Since a wide variety of cells types may contain abnormal storage products biopsies of organs other than the nervous system, such as skin, rectum and liver have proved useful. Skeletal muscle is particularly useful in the diagnosis of mitochondrial disorders. The latter, in particular, may show sporadic mutations and a few show autosomal dominant inheritance and some of the syndromes are associated with visual abnormalities.
Disorders that affect predominantly white matter usually show widespread abnormalities of myelin but there is often sparring of nerve fibres lying immediately beneath the cortical grey matter. The white matter of the cerebral hemispheres is usually affected more severely than that elsewhere but some show marked abnormalities of myelin in the peripheral nervous system. The process is predominantly a failure to produce normal myelin and should therefore be regarded as dysmyelination rather than demyelination.
Diagnosis can be extremely difficult and during life is based upon a combination of factors including age of onset, sex, ethnic group, clinical presentation (including appearance, distribution of symptoms and signs, range of organ involvement and rate of progress), family history, radiological appearances, biopsy (rectum, skin, skeletal muscle, peripheral nerve and rarely brain). Antenatal diagnosis will involve examination of chorionic villi, cultured fibroblasts from amniotic fluid, examination of foetal and/or placental tissue. Samples of fresh or frozen tissue should be sent for biochemical assay and a wide variety of histological stains are available for histological assessment. Electron microscopy will provide important information on subcellular abnormalities.
Clinical symptoms and signs vary widely within the various disorders and there is considerable overlap. Atypical cases are common and in some cases diagnosis is only obtained postmortem. Radiological appearances are important. Visual abnormalities are, however, common in some of the disorders and include blindness. A few show a cherry-red spot at the macula.
Detailed classification is too complicated to include in this script and is continually changing as new disorders are defined. For further information the leader is referred to the reading list at the end of the script.
The mitochondrial genome is a circular strand of DNA. A wide range of diseases involving mitochondria have been described, resulting from deletions and mutations of DNA and these tend to involve the brain and skeletal muscle, both of which use large amounts of energy. Abnormalities may be primary genetic defects or due to secondary mutations. No all involve the central nervous system. Some disorders of mitochondrial metabolism involve proteins that are encoded by nuclear DNA.
A variety of names, largely reflecting the clinical profile, have been used to classify them such as "mitochondrial myopathy, encephalopathy, lactic acidosis, and stroke-like episodes (MELAS)", in which there may be pigmentary retinal degeneration; "mitochondrial epilepsy with ragged-red fibres (MERRF)"; "Kearns-Sayre syndrome (KSS)", and its relationship to other chronic progressive external ophtalmoplegia (CPEO) syndromes, which may show progressive external ophtalmoplegia and pigmentary degeneration of the retina; Leber's hereditary optic neuropathy (LHON), which shows abnormalities of the white matter with demyelination; neuropathy, ataxia, and retinitis pigmentosa (NARP). For a more detailed classification of these disorders the reader is referred to the reading list at the end of the script.

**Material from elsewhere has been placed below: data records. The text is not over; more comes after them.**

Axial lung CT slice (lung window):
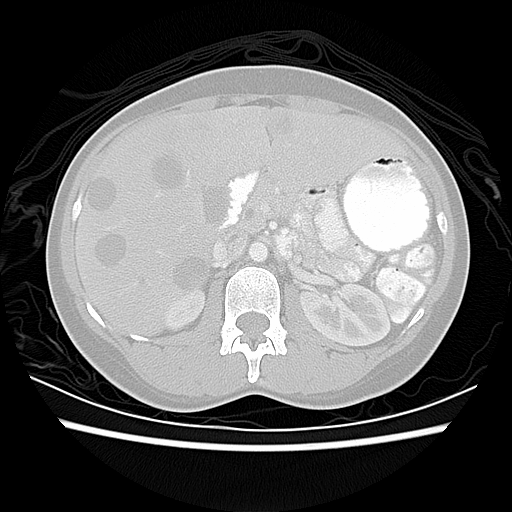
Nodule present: no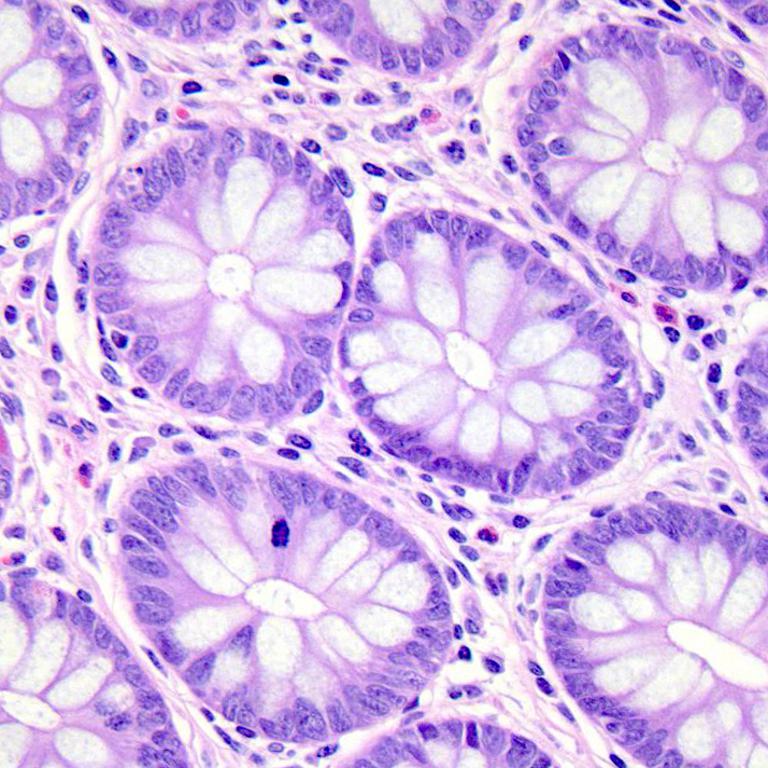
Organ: colon
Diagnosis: benign

Identification of the precise defect is complicated and frequently requires biochemical analysis of freshly isolated mitochondria. Muscle biopsy is often performed as an aid to diagnosis and some mitochondrial abnormalities can be identified by a mixture of light microscopy, histochemistry and electron microscopy. A variety of structural abnormalities have been described but not all mitochondria are involved and not all cases show abnormalities demonstrable by these techniques.